XVe s. Et donna encore [Édouard III] à Philippe de Chasteaux, son maistre escuyer et son souverain conseiller [de Jean de Hainaut] cent marcs. Froissart, I, I, 27. Et envoya dedans Tournay messire Godemar du Fay souverain capitaine et garde de tout le pays d'environ…, Froissart, I, I, 94. Se combattit vaillamment, assez près du roy, monseigneur de Chargny ; si estoit toute la presse sur luy, pour ce qu'il portoit la souveraine baniere du roy, Froissart, I, p. 194, dans LACURNE. À l'entrée du chastel, par dedans, a une grosse tour qui est maistresse et souveraine de la porte du chastel, Froissart, IV, p. 35. D'amour touché, Pour contempler sa beauté souveraine, Incontinent je m'en suis approché, Basselin, XVI. Il estoit si petitement en la grace des souverains de la feste, qu'ilz le laisserent aller en sa tente, pour ce qu'il estoit trop bonbancier en ses faitz, Perceforest, t. III, f° 141. Après l'esbatement de la jeune compaignie, j'entendis que la dame ancienne alla dire à sa souveraine : Madame, gardez que le serain ne vous griefve huimais, ib. t. II, f° 77. Ce jour là furent maintes nopces faictes ; mais les souveraines furent de Lyonnel, ib. t. IV, f° 158.
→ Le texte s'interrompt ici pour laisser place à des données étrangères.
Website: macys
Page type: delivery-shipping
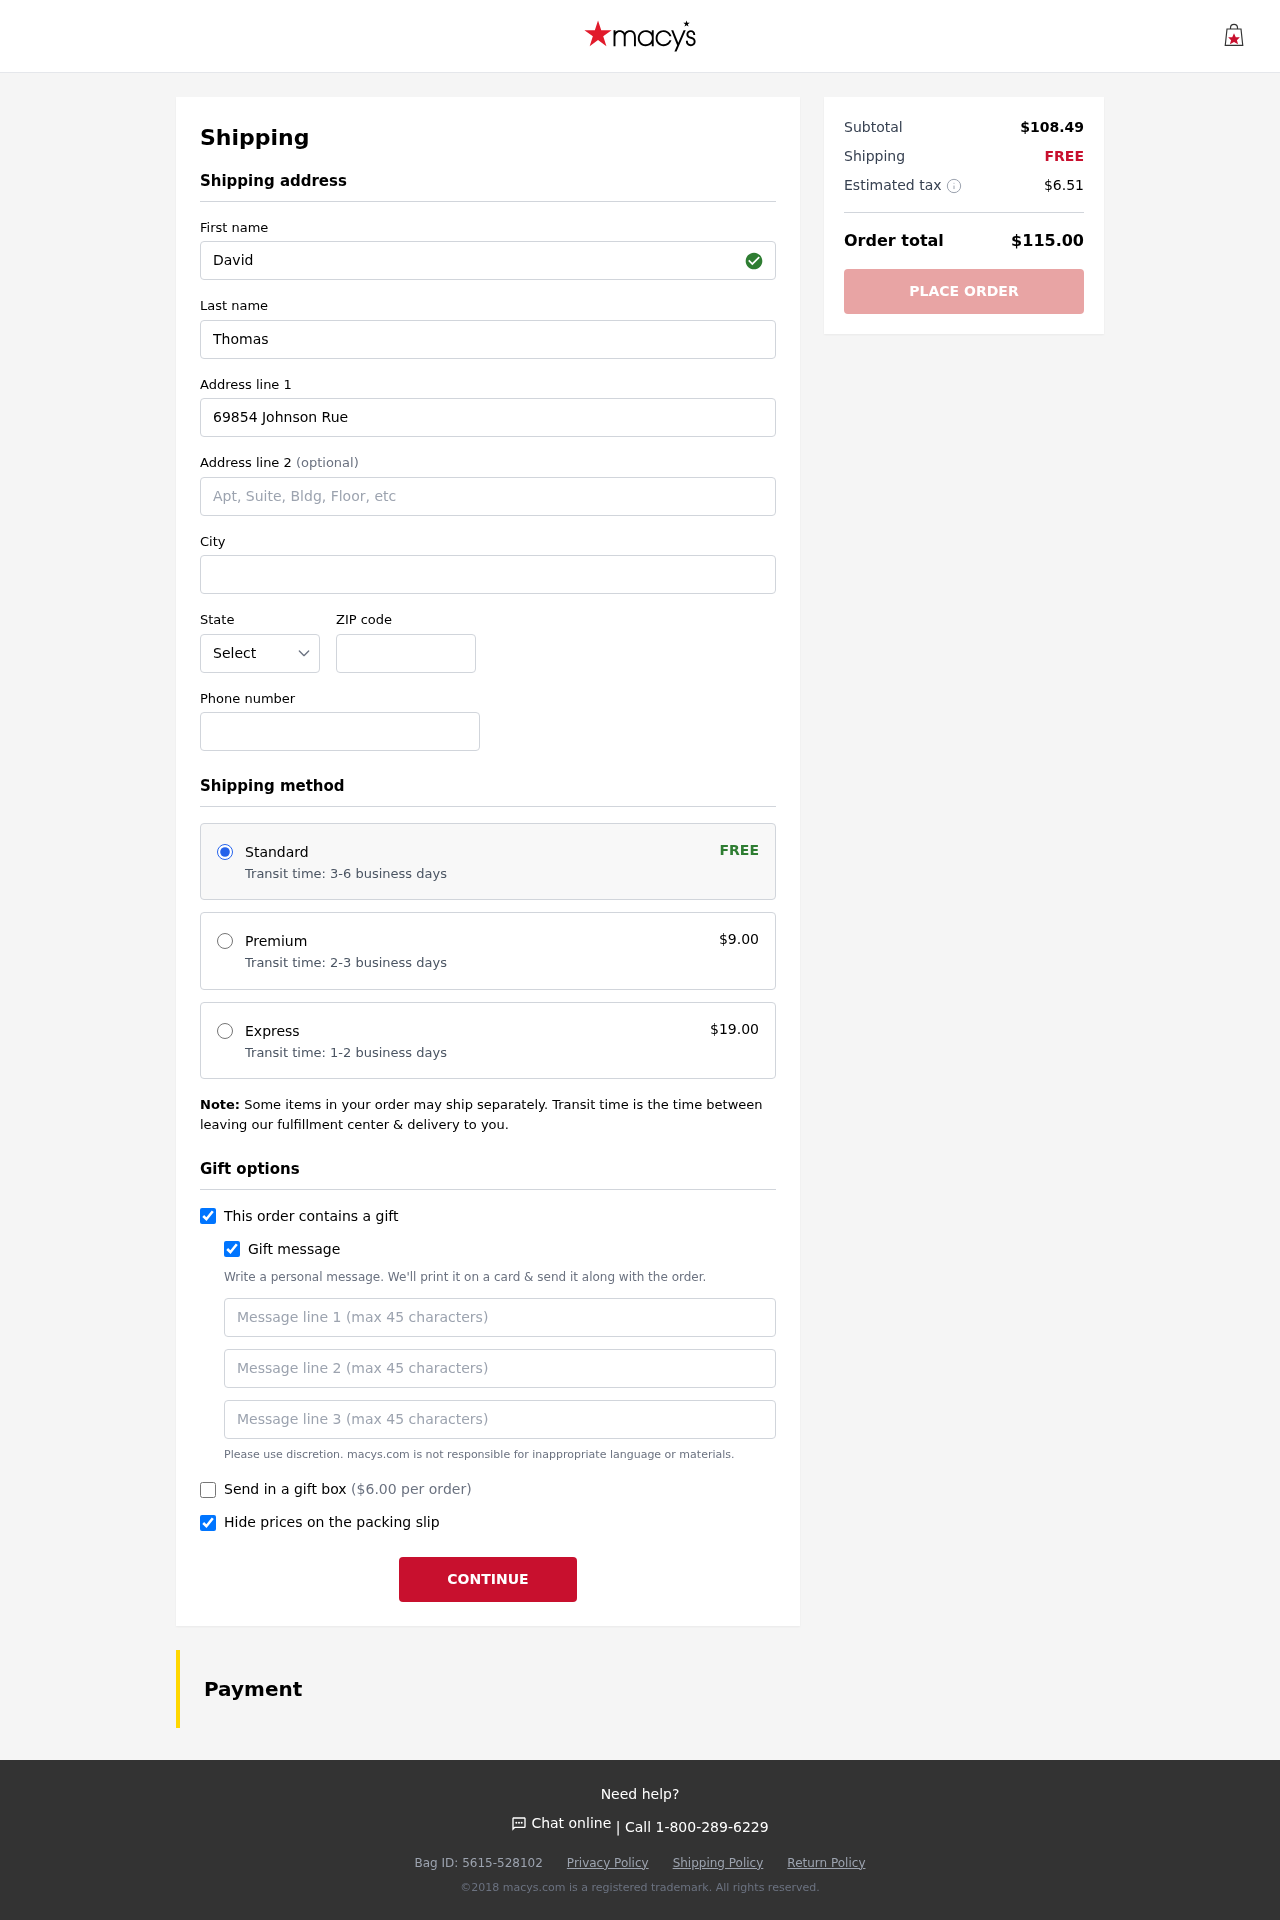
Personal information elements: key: PII_STATE_ABBR
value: KY
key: PII_FIRSTNAME
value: David
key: PII_LASTNAME
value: Thomas
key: PII_STREET
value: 69854 Johnson Rue Apt. 221
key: PII_STREET2
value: Suite 785
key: PII_CITY
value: Mccarthyton
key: PII_POSTCODE
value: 35635
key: PII_PHONE
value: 8585002174
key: PII_GIFT_MESSAGE
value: Hey Larry, I thought you’d love this little piece of sparkle to add to your collection. It's a perfect match for your style—just like you! Cheers to many more adventures together.  David
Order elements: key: ORDER_SHIPPING_STANDARD
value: Transit time: 3-6 business days
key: ORDER_SHIPPING_COST
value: FREE
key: ORDER_SHIPPING_PREMIUM
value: Transit time: 2-3 business days
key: ORDER_SHIPPING_PREMIUM_PRICE
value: $9.00
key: ORDER_SHIPPING_EXPRESS
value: Transit time: 1-2 business days
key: ORDER_SHIPPING_EXPRESS_PRICE
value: $19.00
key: ORDER_GIFT_BOX_PRICE
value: ($6.00 per order)
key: ORDER_SUBTOTAL
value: $108.49
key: ORDER_SHIPPING_COST2
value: FREE
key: ORDER_TAX
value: $6.51
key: ORDER_TOTAL
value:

XVIe s. Ce prince [Alexandre] est le souverain patron des actes hazardeux, Montaigne, I, 133. L'autorité du gouverneur doibt estre souveraine sur lui [le jeune homme], Montaigne, I, 165. Cette souveraine et maistresse amitié, Montaigne, I, 215. Un souverain remede, Montaigne, II, 32. C'est la perle de prix, c'est le souv'rain bonheur, Ronsard, 905. Voilà comme d'un mot de souverain qui s'employoit communement à tous ceux qui tenoient les premieres dignités de la France, mais non absolument, nous l'avons avec le temps accommodé au premier de tous les premiers, je veux dire au roy, Pasquier, Rech. VIII, p. 688, dans LACURNE.

ÉTYMOLOGIE

Bourg. sôverain ; ital. sovrano ; du bas-lat. superanus, qui vient du lat. super, sur, au-dessus.